Nope, you're absolutely right - as is your example timeline.
In addition to it not being atomic, it's not guaranteed that the write to id will be picked up by the other thread anyway, given that there's no synchronization and the field isn't volatile.
It's somewhat disconcerting for reference material like this to be incorrect :(
In my opinion, the answer in the Practice Exams is correct. In this code, you are executing two threads which have access to the same static variable id. Static variables are stored on the heap in java, not on the stack. The execution order of runnables is unpredictable.
However, in order to change the value of id each thread :
makes local copy of the value stored in id's memory address to the CPU registry;
performs the operation 1 - id. Strictly speaking, two operations are performed here (-id and +1);
moves the result back to memory space of id on the heap.
This means that although the id value can be changed concurrently by any of the two threads, only the initial and final values are mutable. Intermediate values will not be modified by one another.
Futhermore, analysis of the code can show that at any point in time, id can only be 0 or 1.
Proof:
Starting value id = 1;
One thread will change it to 0 ( id = 1 - id ). And the other thread will bring it back to 1.
Starting value id = 0;
One thread will change it to 1 ( id = 1 - id ). And the other thread will bring it back to 0.
Therefore, the value state of id is discrete either 0 or 1.
End of Proof.
There can be two possibilities for this code:
Possibility 1. Thread one accesses the variable id first. Then the value of id (id = 1 - id changes to 0. Thereafter, only the method pick () will be executed, printing P Q. Thread two, will evaluate id at that time id = 0; method release() will then be executed printing R S. As a result, P Q R S will be printed.

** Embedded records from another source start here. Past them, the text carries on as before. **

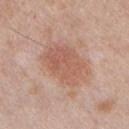Impression: Part of a total-body skin-imaging series; this lesion was reviewed on a skin check and was not flagged for biopsy. Image and clinical context: Measured at roughly 6 mm in maximum diameter. A male subject, aged 33 to 37. A 15 mm close-up tile from a total-body photography series done for melanoma screening. The lesion is on the chest.
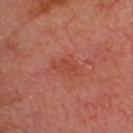No biopsy was performed on this lesion — it was imaged during a full skin examination and was not determined to be concerning.
Measured at roughly 2.5 mm in maximum diameter.
Imaged with cross-polarized lighting.
The subject is a male aged 63 to 67.
A roughly 15 mm field-of-view crop from a total-body skin photograph.
Located on the head or neck.
The lesion-visualizer software estimated an area of roughly 3.5 mm², an outline eccentricity of about 0.8 (0 = round, 1 = elongated), and two-axis asymmetry of about 0.35. And it measured a lesion color around L≈46 a*≈31 b*≈33 in CIELAB, a lesion–skin lightness drop of about 6, and a lesion-to-skin contrast of about 6 (normalized; higher = more distinct). It also reported a nevus-likeness score of about 0/100 and a detector confidence of about 100 out of 100 that the crop contains a lesion.
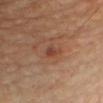workup: total-body-photography surveillance lesion; no biopsy | location: the chest | acquisition: ~15 mm tile from a whole-body skin photo | lesion diameter: ≈1.5 mm | automated lesion analysis: an eccentricity of roughly 0.65 and a symmetry-axis asymmetry near 0.3; a lesion color around L≈41 a*≈23 b*≈28 in CIELAB and a lesion-to-skin contrast of about 7 (normalized; higher = more distinct); a border-irregularity rating of about 2.5/10 and internal color variation of about 0 on a 0–10 scale; a nevus-likeness score of about 5/100 and a lesion-detection confidence of about 100/100 | patient: male, aged 63–67.
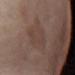imaging modality = total-body-photography crop, ~15 mm field of view; body site = the abdomen; subject = female, about 55 years old.
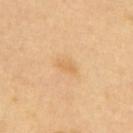biopsy status = total-body-photography surveillance lesion; no biopsy
body site = the back
subject = female, about 60 years old
lighting = cross-polarized
image source = ~15 mm crop, total-body skin-cancer survey
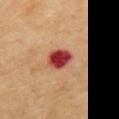Recorded during total-body skin imaging; not selected for excision or biopsy. Approximately 3 mm at its widest. Cropped from a whole-body photographic skin survey; the tile spans about 15 mm. Captured under cross-polarized illumination. The subject is a male aged around 70. Located on the mid back.
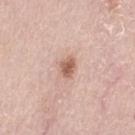Findings:
- body site — the left thigh
- subject — female, approximately 65 years of age
- lesion diameter — ~2.5 mm (longest diameter)
- illumination — white-light
- imaging modality — 15 mm crop, total-body photography
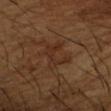Part of a total-body skin-imaging series; this lesion was reviewed on a skin check and was not flagged for biopsy. This is a cross-polarized tile. The subject is a male roughly 65 years of age. A lesion tile, about 15 mm wide, cut from a 3D total-body photograph. The lesion is located on the right forearm. The lesion's longest dimension is about 4 mm.
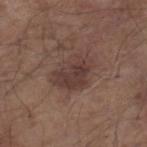{"biopsy_status": "not biopsied; imaged during a skin examination", "image": {"source": "total-body photography crop", "field_of_view_mm": 15}, "site": "right lower leg", "patient": {"sex": "male", "age_approx": 80}}
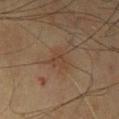<record>
<biopsy_status>not biopsied; imaged during a skin examination</biopsy_status>
<lesion_size>
  <long_diameter_mm_approx>2.5</long_diameter_mm_approx>
</lesion_size>
<image>
  <source>total-body photography crop</source>
  <field_of_view_mm>15</field_of_view_mm>
</image>
<patient>
  <sex>male</sex>
  <age_approx>75</age_approx>
</patient>
<lighting>cross-polarized</lighting>
<automated_metrics>
  <area_mm2_approx>4.5</area_mm2_approx>
  <shape_asymmetry>0.35</shape_asymmetry>
  <border_irregularity_0_10>4.0</border_irregularity_0_10>
  <color_variation_0_10>1.5</color_variation_0_10>
  <peripheral_color_asymmetry>0.5</peripheral_color_asymmetry>
</automated_metrics>
<site>right upper arm</site>
</record>
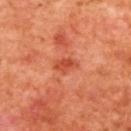{
  "biopsy_status": "not biopsied; imaged during a skin examination",
  "lesion_size": {
    "long_diameter_mm_approx": 2.5
  },
  "image": {
    "source": "total-body photography crop",
    "field_of_view_mm": 15
  },
  "lighting": "cross-polarized",
  "site": "upper back",
  "patient": {
    "sex": "female",
    "age_approx": 40
  }
}
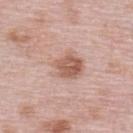workup = imaged on a skin check; not biopsied
subject = female, approximately 65 years of age
anatomic site = the upper back
automated metrics = a classifier nevus-likeness of about 45/100 and a detector confidence of about 100 out of 100 that the crop contains a lesion
lesion size = ≈5.5 mm
acquisition = total-body-photography crop, ~15 mm field of view
illumination = white-light
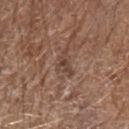Impression: Imaged during a routine full-body skin examination; the lesion was not biopsied and no histopathology is available. Background: Captured under white-light illumination. The lesion is on the left forearm. A male subject, aged 68 to 72. Cropped from a total-body skin-imaging series; the visible field is about 15 mm.
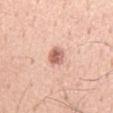workup — no biopsy performed (imaged during a skin exam) | body site — the chest | size — about 2.5 mm | tile lighting — white-light | image — 15 mm crop, total-body photography | subject — male, aged approximately 55 | TBP lesion metrics — a footprint of about 4.5 mm² and an eccentricity of roughly 0.75; a lesion–skin lightness drop of about 15 and a lesion-to-skin contrast of about 8.5 (normalized; higher = more distinct); a border-irregularity index near 1.5/10, internal color variation of about 4.5 on a 0–10 scale, and a peripheral color-asymmetry measure near 1.5.
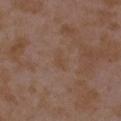workup — catalogued during a skin exam; not biopsied | anatomic site — the left upper arm | subject — female, aged approximately 35 | image source — ~15 mm crop, total-body skin-cancer survey.
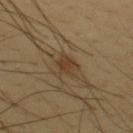Assessment:
This lesion was catalogued during total-body skin photography and was not selected for biopsy.
Clinical summary:
The recorded lesion diameter is about 3 mm. A region of skin cropped from a whole-body photographic capture, roughly 15 mm wide. This is a cross-polarized tile. On the upper back. An algorithmic analysis of the crop reported an area of roughly 6 mm², a shape eccentricity near 0.6, and a symmetry-axis asymmetry near 0.35. A male subject, about 45 years old.
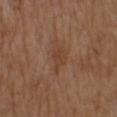No biopsy was performed on this lesion — it was imaged during a full skin examination and was not determined to be concerning. The tile uses white-light illumination. Longest diameter approximately 3 mm. This image is a 15 mm lesion crop taken from a total-body photograph. An algorithmic analysis of the crop reported an eccentricity of roughly 0.75. And it measured an average lesion color of about L≈41 a*≈19 b*≈30 (CIELAB) and a lesion–skin lightness drop of about 6. The patient is a male in their mid- to late 70s. On the upper back.
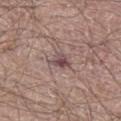| field | value |
|---|---|
| biopsy status | imaged on a skin check; not biopsied |
| image-analysis metrics | a lesion color around L≈48 a*≈18 b*≈17 in CIELAB, about 11 CIELAB-L* units darker than the surrounding skin, and a normalized lesion–skin contrast near 8.5; a border-irregularity index near 3/10, internal color variation of about 5.5 on a 0–10 scale, and peripheral color asymmetry of about 1.5 |
| image | ~15 mm crop, total-body skin-cancer survey |
| size | about 2.5 mm |
| tile lighting | white-light |
| anatomic site | the left thigh |
| subject | male, about 65 years old |
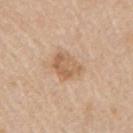Clinical impression:
The lesion was photographed on a routine skin check and not biopsied; there is no pathology result.
Clinical summary:
Approximately 4 mm at its widest. The lesion is on the left upper arm. A 15 mm close-up tile from a total-body photography series done for melanoma screening. The tile uses white-light illumination. The patient is a male aged approximately 60.
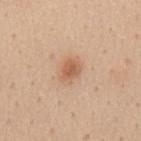{"biopsy_status": "not biopsied; imaged during a skin examination", "patient": {"sex": "female", "age_approx": 45}, "site": "mid back", "lesion_size": {"long_diameter_mm_approx": 3.0}, "image": {"source": "total-body photography crop", "field_of_view_mm": 15}}
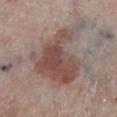Recorded during total-body skin imaging; not selected for excision or biopsy. An algorithmic analysis of the crop reported a lesion area of about 32 mm² and an outline eccentricity of about 0.5 (0 = round, 1 = elongated). The software also gave about 11 CIELAB-L* units darker than the surrounding skin and a normalized lesion–skin contrast near 8. It also reported a border-irregularity rating of about 7/10. The analysis additionally found a classifier nevus-likeness of about 75/100 and a lesion-detection confidence of about 100/100. The patient is a male aged 78–82. The lesion's longest dimension is about 9 mm. On the left lower leg. A 15 mm crop from a total-body photograph taken for skin-cancer surveillance. Captured under white-light illumination.
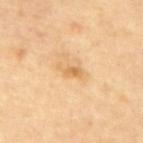Context: The subject is a male about 85 years old or older. Located on the mid back. A 15 mm crop from a total-body photograph taken for skin-cancer surveillance.
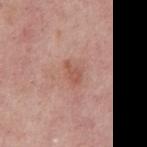Imaged during a routine full-body skin examination; the lesion was not biopsied and no histopathology is available.
From the mid back.
This is a white-light tile.
About 2.5 mm across.
Automated tile analysis of the lesion measured a lesion area of about 3.5 mm².
A close-up tile cropped from a whole-body skin photograph, about 15 mm across.
A male subject, in their mid-50s.
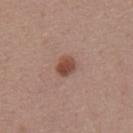Part of a total-body skin-imaging series; this lesion was reviewed on a skin check and was not flagged for biopsy.
The lesion-visualizer software estimated an outline eccentricity of about 0.7 (0 = round, 1 = elongated) and a shape-asymmetry score of about 0.2 (0 = symmetric). It also reported roughly 12 lightness units darker than nearby skin and a normalized border contrast of about 9.5. The software also gave an automated nevus-likeness rating near 100 out of 100.
On the back.
A 15 mm close-up tile from a total-body photography series done for melanoma screening.
The tile uses white-light illumination.
The subject is a male in their mid- to late 50s.
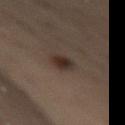Q: How was this image acquired?
A: ~15 mm tile from a whole-body skin photo
Q: Who is the patient?
A: male, aged 53 to 57
Q: Lesion location?
A: the right thigh
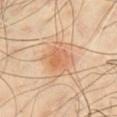Q: Was this lesion biopsied?
A: imaged on a skin check; not biopsied
Q: What is the lesion's diameter?
A: ~3 mm (longest diameter)
Q: What are the patient's age and sex?
A: male, roughly 65 years of age
Q: What kind of image is this?
A: ~15 mm crop, total-body skin-cancer survey
Q: What is the anatomic site?
A: the front of the torso
Q: What did automated image analysis measure?
A: an area of roughly 6 mm² and an eccentricity of roughly 0.55; an average lesion color of about L≈63 a*≈24 b*≈37 (CIELAB), about 7 CIELAB-L* units darker than the surrounding skin, and a normalized lesion–skin contrast near 5.5; a border-irregularity index near 2/10, a within-lesion color-variation index near 3/10, and a peripheral color-asymmetry measure near 1; a classifier nevus-likeness of about 100/100
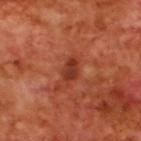notes: imaged on a skin check; not biopsied
anatomic site: the upper back
acquisition: 15 mm crop, total-body photography
patient: male, in their 70s
diameter: ~3.5 mm (longest diameter)
tile lighting: cross-polarized
TBP lesion metrics: a border-irregularity rating of about 3/10, a color-variation rating of about 3.5/10, and radial color variation of about 1; a nevus-likeness score of about 40/100
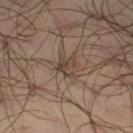Recorded during total-body skin imaging; not selected for excision or biopsy. The recorded lesion diameter is about 3 mm. A male patient, about 65 years old. The lesion is located on the left thigh. An algorithmic analysis of the crop reported a shape eccentricity near 0.6 and a shape-asymmetry score of about 0.3 (0 = symmetric). And it measured a mean CIELAB color near L≈39 a*≈13 b*≈23, about 8 CIELAB-L* units darker than the surrounding skin, and a normalized border contrast of about 7. The software also gave an automated nevus-likeness rating near 5 out of 100 and a lesion-detection confidence of about 80/100. A 15 mm close-up extracted from a 3D total-body photography capture.
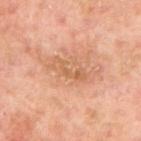The lesion was tiled from a total-body skin photograph and was not biopsied. A 15 mm close-up extracted from a 3D total-body photography capture. A male subject in their 50s. Longest diameter approximately 4.5 mm. This is a cross-polarized tile. The lesion is located on the left arm.
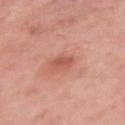{"biopsy_status": "not biopsied; imaged during a skin examination", "image": {"source": "total-body photography crop", "field_of_view_mm": 15}, "patient": {"sex": "female", "age_approx": 50}, "lesion_size": {"long_diameter_mm_approx": 2.5}, "site": "left upper arm"}
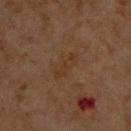Q: Was a biopsy performed?
A: no biopsy performed (imaged during a skin exam)
Q: Lesion location?
A: the chest
Q: Lesion size?
A: ≈4 mm
Q: What is the imaging modality?
A: ~15 mm tile from a whole-body skin photo
Q: Who is the patient?
A: male, about 60 years old
Q: What did automated image analysis measure?
A: a border-irregularity rating of about 3/10, a within-lesion color-variation index near 2/10, and radial color variation of about 0.5; a nevus-likeness score of about 0/100
Q: How was the tile lit?
A: cross-polarized illumination
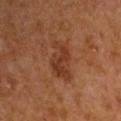workup: catalogued during a skin exam; not biopsied
subject: male, aged 63 to 67
automated metrics: an area of roughly 11 mm², an eccentricity of roughly 0.85, and a shape-asymmetry score of about 0.35 (0 = symmetric); border irregularity of about 4.5 on a 0–10 scale and peripheral color asymmetry of about 1; a classifier nevus-likeness of about 35/100 and lesion-presence confidence of about 100/100
image: ~15 mm tile from a whole-body skin photo
illumination: cross-polarized
diameter: about 5.5 mm
body site: the right upper arm
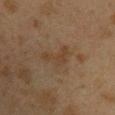workup = total-body-photography surveillance lesion; no biopsy
acquisition = ~15 mm crop, total-body skin-cancer survey
patient = female, in their 40s
lighting = cross-polarized illumination
anatomic site = the arm
lesion diameter = ~3.5 mm (longest diameter)
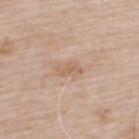{
  "biopsy_status": "not biopsied; imaged during a skin examination",
  "image": {
    "source": "total-body photography crop",
    "field_of_view_mm": 15
  },
  "site": "upper back",
  "patient": {
    "sex": "male",
    "age_approx": 65
  }
}
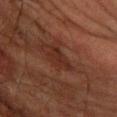Captured during whole-body skin photography for melanoma surveillance; the lesion was not biopsied.
Cropped from a whole-body photographic skin survey; the tile spans about 15 mm.
Imaged with cross-polarized lighting.
Located on the arm.
A male patient aged approximately 65.
The lesion-visualizer software estimated an area of roughly 5.5 mm², a shape eccentricity near 0.8, and a symmetry-axis asymmetry near 0.4. And it measured a border-irregularity rating of about 4.5/10, a within-lesion color-variation index near 2/10, and peripheral color asymmetry of about 0.5.
Measured at roughly 3.5 mm in maximum diameter.
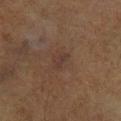| key | value |
|---|---|
| workup | catalogued during a skin exam; not biopsied |
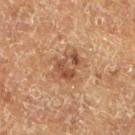| key | value |
|---|---|
| image source | ~15 mm crop, total-body skin-cancer survey |
| patient | male, in their mid-70s |
| anatomic site | the left lower leg |
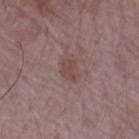biopsy status = no biopsy performed (imaged during a skin exam)
image = ~15 mm crop, total-body skin-cancer survey
subject = male, aged 63–67
automated metrics = a lesion color around L≈45 a*≈18 b*≈20 in CIELAB, a lesion–skin lightness drop of about 7, and a normalized border contrast of about 6; border irregularity of about 2.5 on a 0–10 scale, internal color variation of about 1.5 on a 0–10 scale, and peripheral color asymmetry of about 0.5; an automated nevus-likeness rating near 0 out of 100 and a lesion-detection confidence of about 100/100
illumination = white-light
lesion size = about 3 mm
site = the left forearm
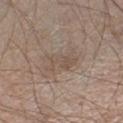* workup: imaged on a skin check; not biopsied
* patient: male, approximately 60 years of age
* TBP lesion metrics: an eccentricity of roughly 0.8; a lesion color around L≈51 a*≈13 b*≈24 in CIELAB, a lesion–skin lightness drop of about 6, and a lesion-to-skin contrast of about 5 (normalized; higher = more distinct); a nevus-likeness score of about 0/100 and a lesion-detection confidence of about 100/100
* body site: the right thigh
* acquisition: total-body-photography crop, ~15 mm field of view

Possibility 2. Thread two accesses the variable id first. Then the value of id (id = 1 - id changes to 0. Thereafter, only the method pick () will be executed, printing P Q. Thread one, will evaluate id at that time id = 0; method release() will then be executed printing R S. As a result, P Q R S will be printed.
There are no other possibilities. However, it should be noted that variants of P Q R S such as P R Q S or R P Q S, etc. may be printed due to pick() being a static method and is therefore shared between the two threads. This leads to the simultaneous execution of this method which could result in printing the letters in a different order depending on your platform.
However in any case, never will either the method pick() or release () be executed twice as they are mutually exclusive. Therefore P Q P Q will not be an output.